I am new to Linear Algebra and would like some feedback regarding my answer to the following question
A and B are two square matrices of order n. Prove or refute (with a counterexample) the following statements:
- If A is real and the algebraic multiplicity of each one of its eigenvalues is 1, then A is diagonalizable over R.
- If A and B have the same characteristic polynomial, then they have the same rank as well.
- If A and B are row-equivalent, then they have the same characteristic polynomial.
- If A and B are similar, then $A^k$ and $B^k$ are similar (k is a natural number).
My answer:
1.
$1 \leq$ geometric multiplicity $\leq$ algebraic multiplicity
If the algebraic multiplicity of each eigenvalue is 1, then $1 \leq$ geometric multiplicity $\leq$ 1, therefore the geometric multiplicity is 1. This means that the geometric multiplicity and the algebraic multiplicity are equal, and therefore the matrix is diagonalizable over R.
2.
The statement is incorrect. Counterexample:
A=$$\begin{bmatrix}0&1\\0&0 \end{bmatrix}$$ A's rank is 1, and its characteristic polynomial is $λ^2$.
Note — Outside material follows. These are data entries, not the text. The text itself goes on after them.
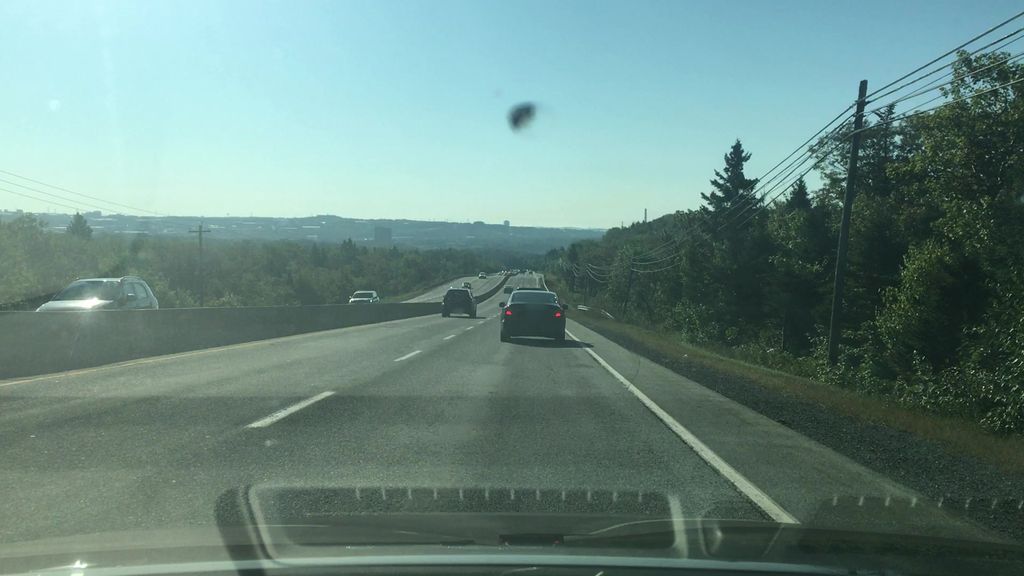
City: halifax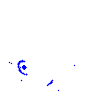
Particle: proton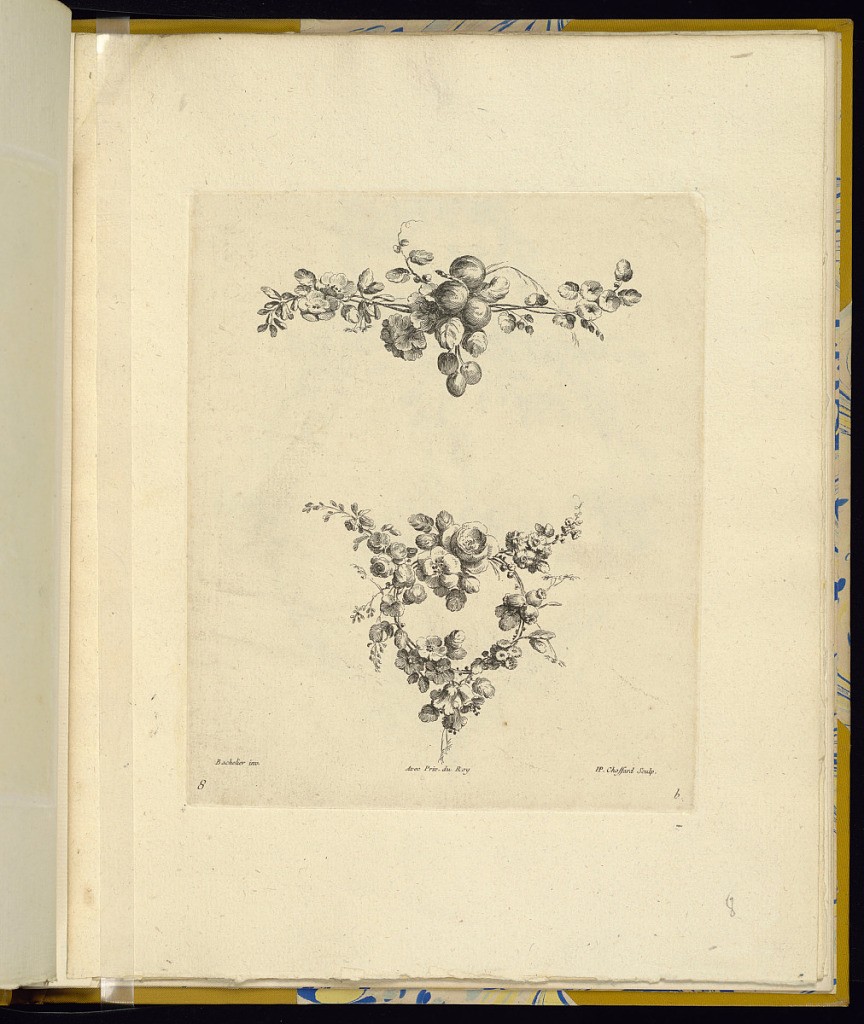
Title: Two Tailpieces or Fleurons
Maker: Jean-Jacques Bachelier, French, 1724 - 1806
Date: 1762
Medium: Etching on laid paper
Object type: Print
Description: Second plate from the second series of tailpieces and fleurons originally designed for the 1755-1759 four-volume edition of the Fables de La Fontaine. Two fleurons or tailpieces, one above the other, made of flowers, leaves and branches. The plate is numbered and signed.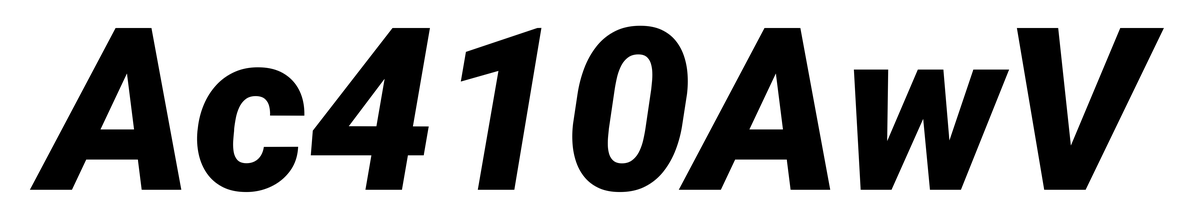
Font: Roboto-Italic_Black_Italic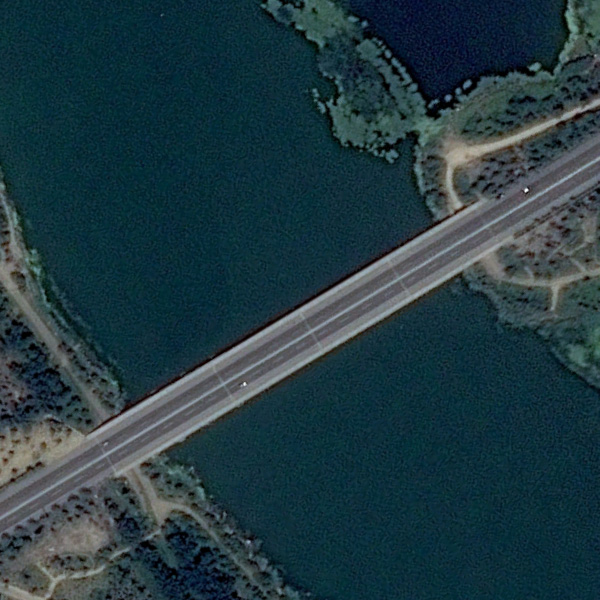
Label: Bridge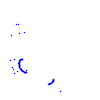
Particle: proton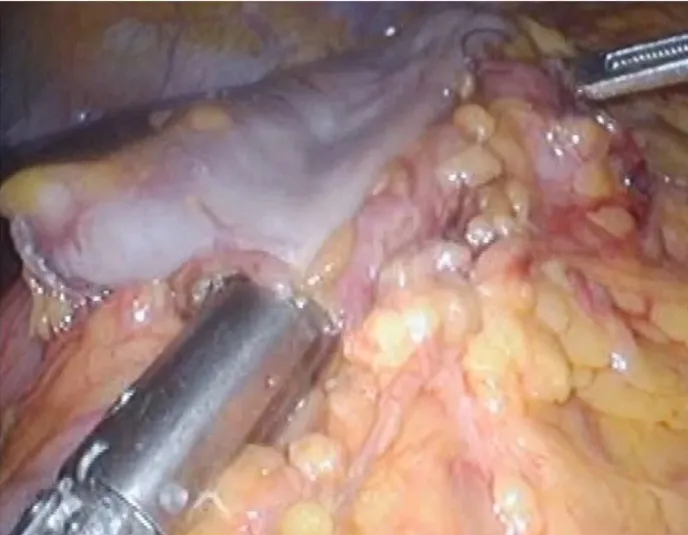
C. Anastomosis findings during laparotomy. The side-to-side anastomosis of the colons using a linear stapler is performed.
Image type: medical_photograph (other_medical_photograph)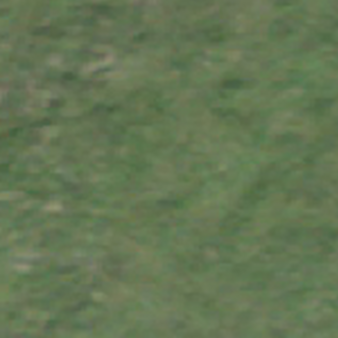
Label: other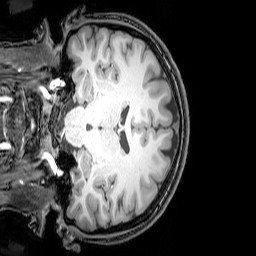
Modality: T1w
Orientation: coronal
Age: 26
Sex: female
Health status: healthy
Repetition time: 0.081 s
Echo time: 0.037 s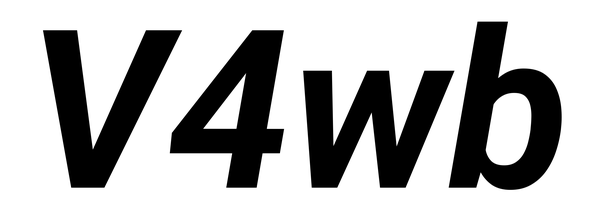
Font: Roboto-Italic_Bold_Italic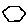
Label: hexagon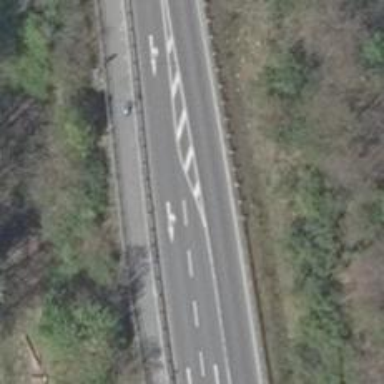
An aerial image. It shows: Secondary road with asphalt surface.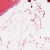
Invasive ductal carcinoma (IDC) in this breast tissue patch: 0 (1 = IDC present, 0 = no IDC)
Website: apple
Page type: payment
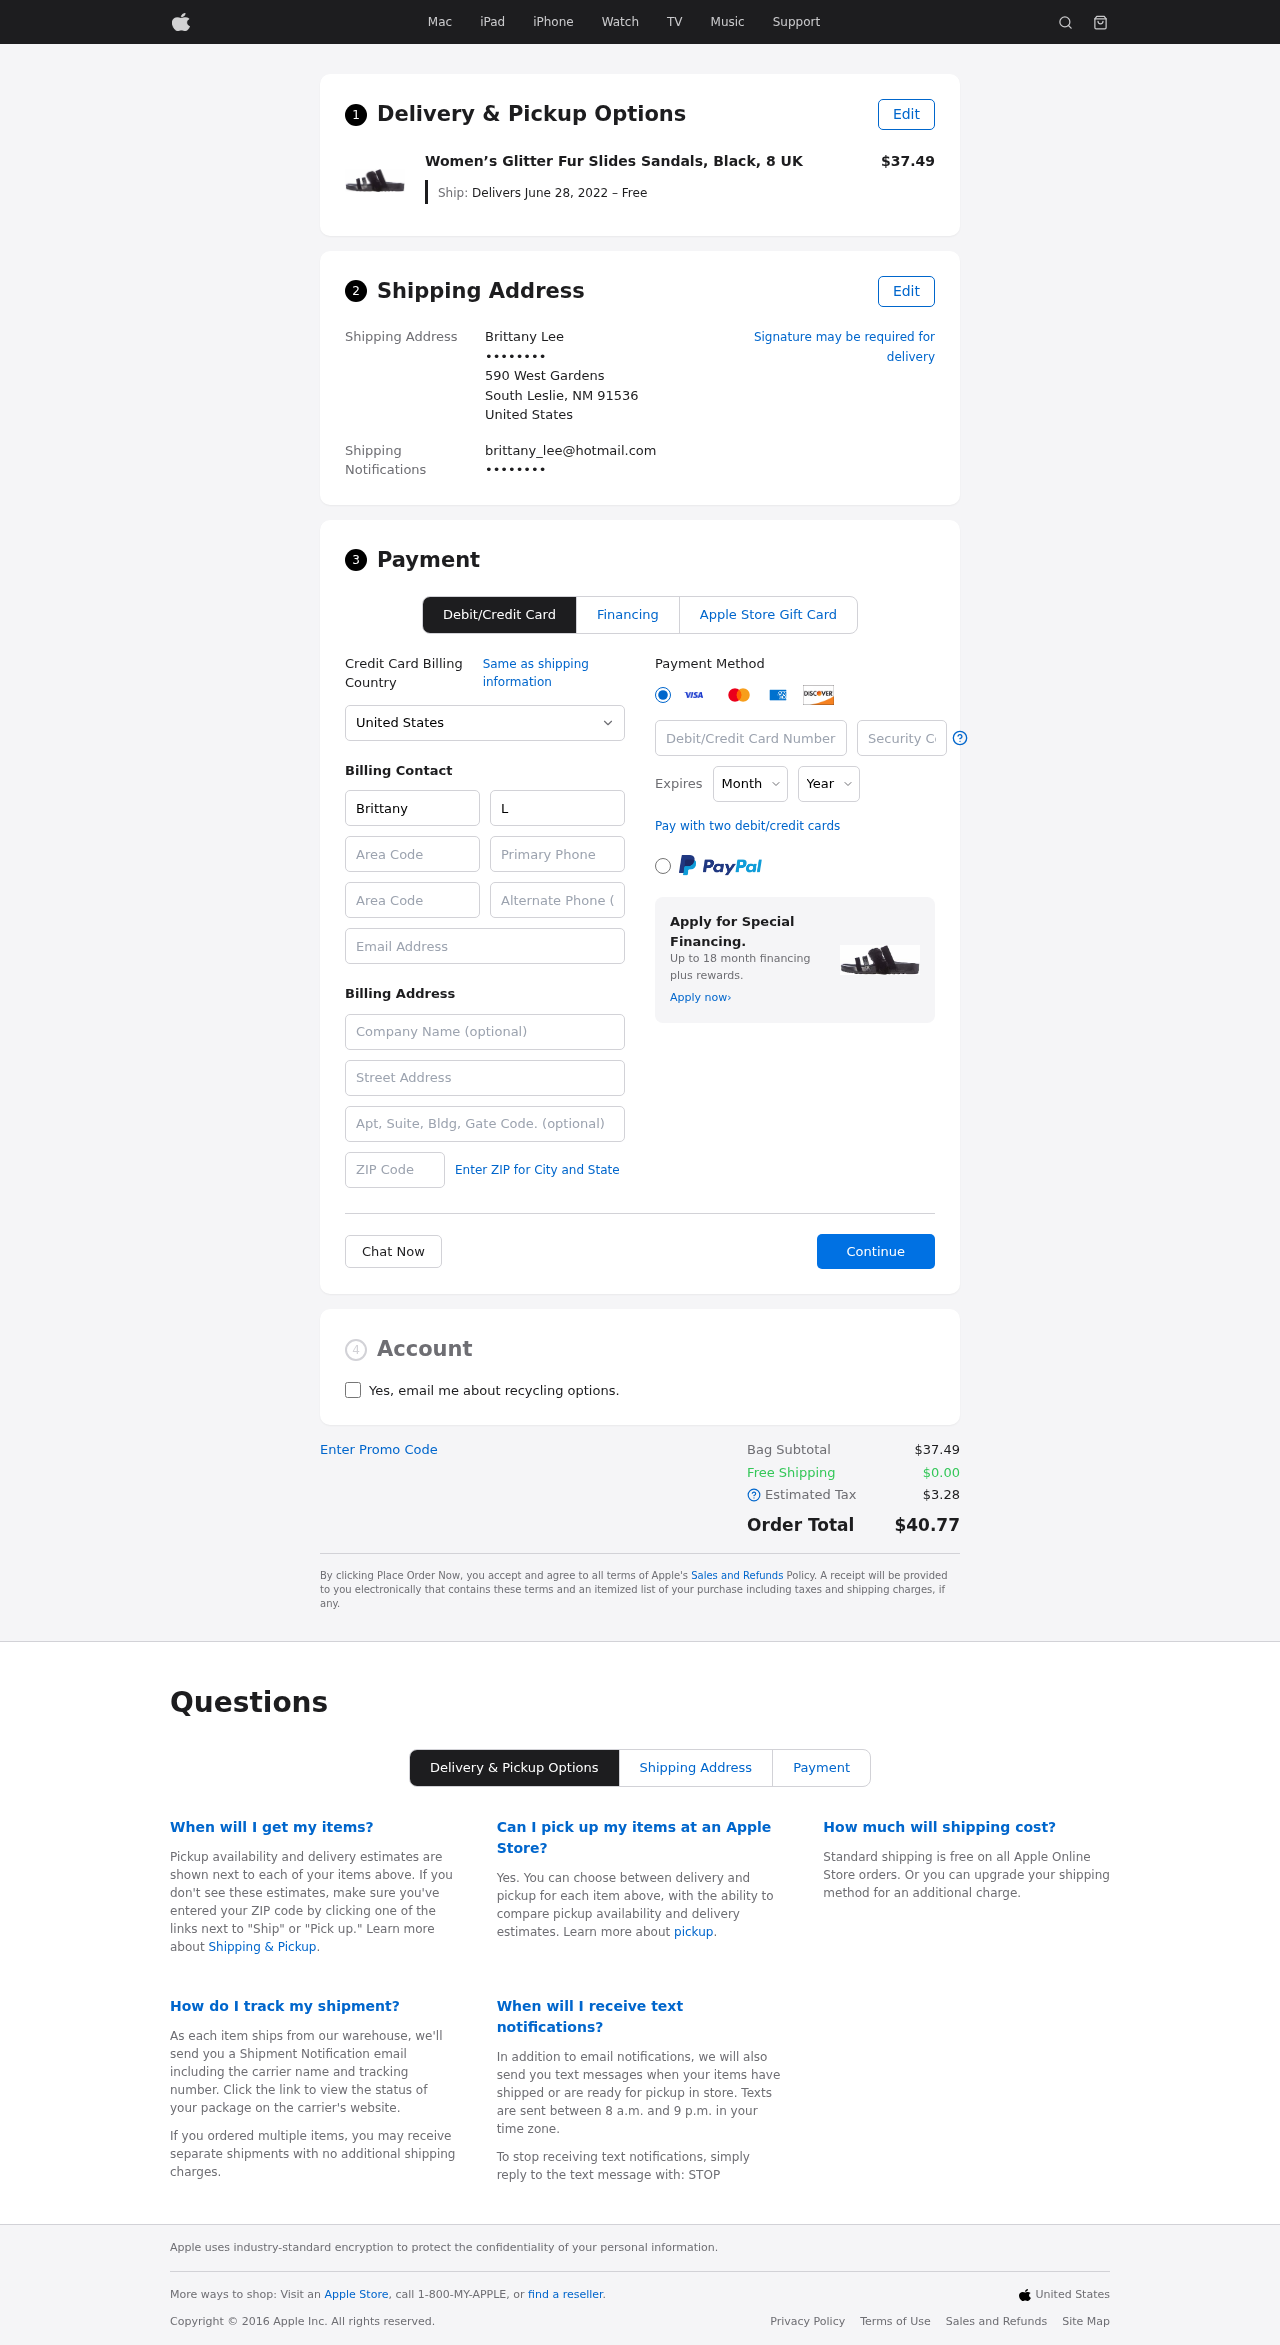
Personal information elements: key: PII_CARD_CVV
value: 760
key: PII_CARD_EXPIRY_MONTH
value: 02
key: PII_CARD_EXPIRY_YEAR
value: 26
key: PII_CARD_NUMBER
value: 2720 2075 2362 3680
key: PII_CITY_STATE_ZIP
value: South Leslie, NM 91536
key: PII_COMPANY
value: Wilson Group
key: PII_COUNTRY
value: United States
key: PII_EMAIL
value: brittany_lee@hotmail.com
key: PII_EMAIL2
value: brittany_lee@hotmail.com
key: PII_FIRSTNAME
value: Brittany
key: PII_FULLNAME
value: Brittany Lee
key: PII_LASTNAME
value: Lee
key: PII_PHONE3
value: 9476869862
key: PII_PHONE_ALT
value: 4666194115
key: PII_PHONE_ALT_AREA
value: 466
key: PII_PHONE_AREA
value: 947
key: PII_POSTCODE2
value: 14390
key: PII_SECURITY_CODE
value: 66238
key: PII_STREET
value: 590 West Gardens
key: PII_STREET2
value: Apt. 410
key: PII_PHONE
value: ••••••••
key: PII_PHONE2
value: ••••••••
Product elements: key: PRODUCT1_NAME
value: Women’s Glitter Fur Slides Sandals, Black, 8 UK
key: PRODUCT1_PRICE
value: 37.49
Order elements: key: ORDER_DELIVERY_DATE
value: Delivers June 28, 2022 – Free
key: ORDER_SUBTOTAL
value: $37.49
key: ORDER_SHIPPING_COST
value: $0.00
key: ORDER_TAX
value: $3.28
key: ORDER_TOTAL
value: $40.77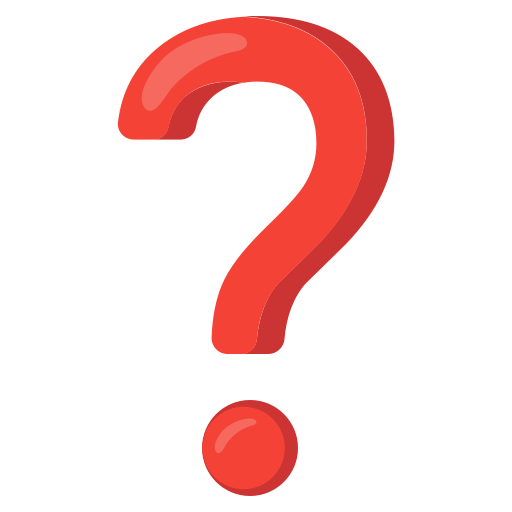
Emoji: ❓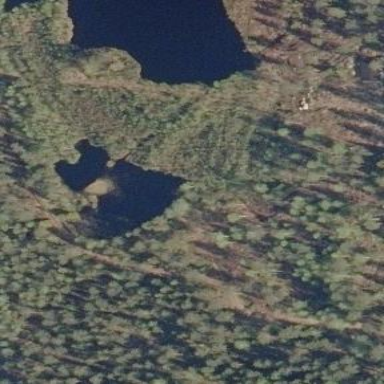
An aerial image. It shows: Pond surrounded by natural water.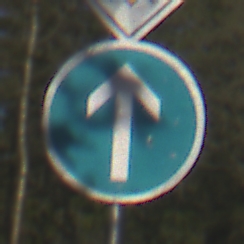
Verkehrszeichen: VorgeschriebeneFahrtrichtungGeradeaus
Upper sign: Vorfahrtsstrasse
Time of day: MorningAfternoon
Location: Outdoor (Nature)
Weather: Clear
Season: Winter
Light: Natural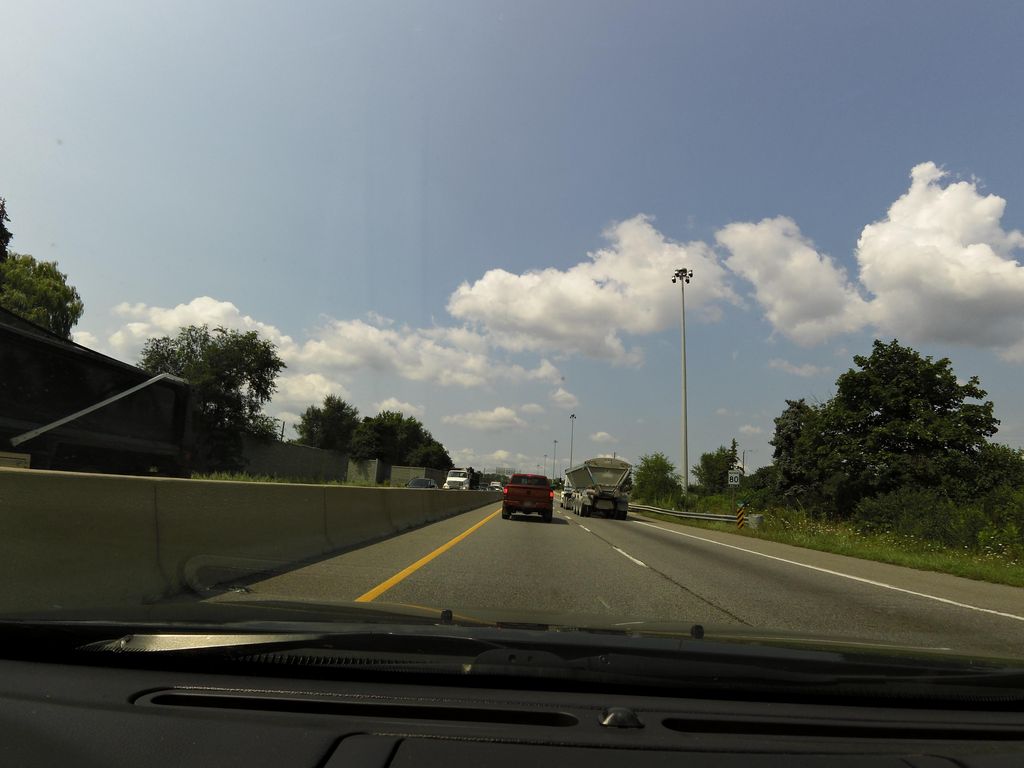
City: hamilton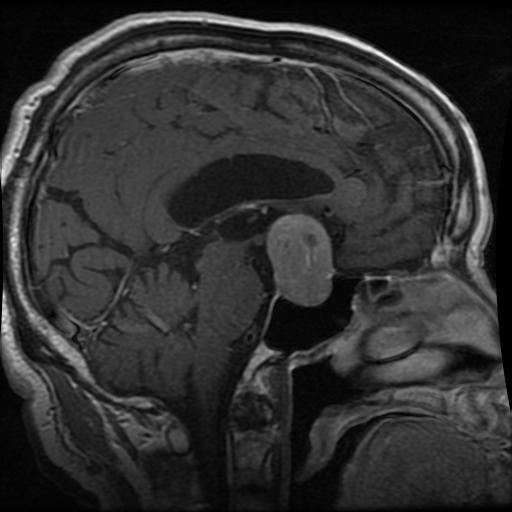
Label: pituitary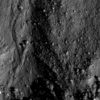
Label: not_dusty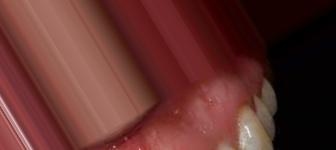
Condition: Tooth Discoloration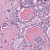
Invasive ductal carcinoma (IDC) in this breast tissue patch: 1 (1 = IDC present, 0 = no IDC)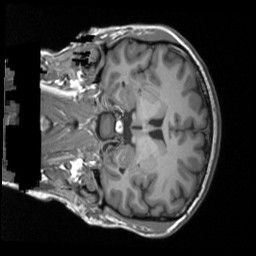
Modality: T1w
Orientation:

B= $$\begin{bmatrix} 0&0\\0&0 \end{bmatrix}$$ B's rank is 0, and its characteristic polynomial is $λ^2$.
3.
The statement is incorrect. Counterexample:
A= $$\begin{bmatrix} 2&0\\0&2 \end{bmatrix}$$
B= $$\begin{bmatrix} 1&0\\0&1 \end{bmatrix}$$
These two matrices are row equivalent, but A's characteristic polynomial is (λ-2)(λ-2), while B's characteristic polynomial is (λ-1)(λ-1).
4.
Correct: by definition A and B are similar if and only if there is an invertible matrix P, which satisfies $P^{-1}AP=B$
If $P^{-1}AP=B$, then $A=PBP^1$
$A^k=PDP^{-1}·PDP^{-1}…PDP^{-1}$, which repeats itself k times. As $P^{-1}·P$ cancel out, $A^k=PB^kP^{-1}$. Therefore $P^{-1}A^kP=P^{-1}PB^kP^{-1}P=B^k$
Thank you!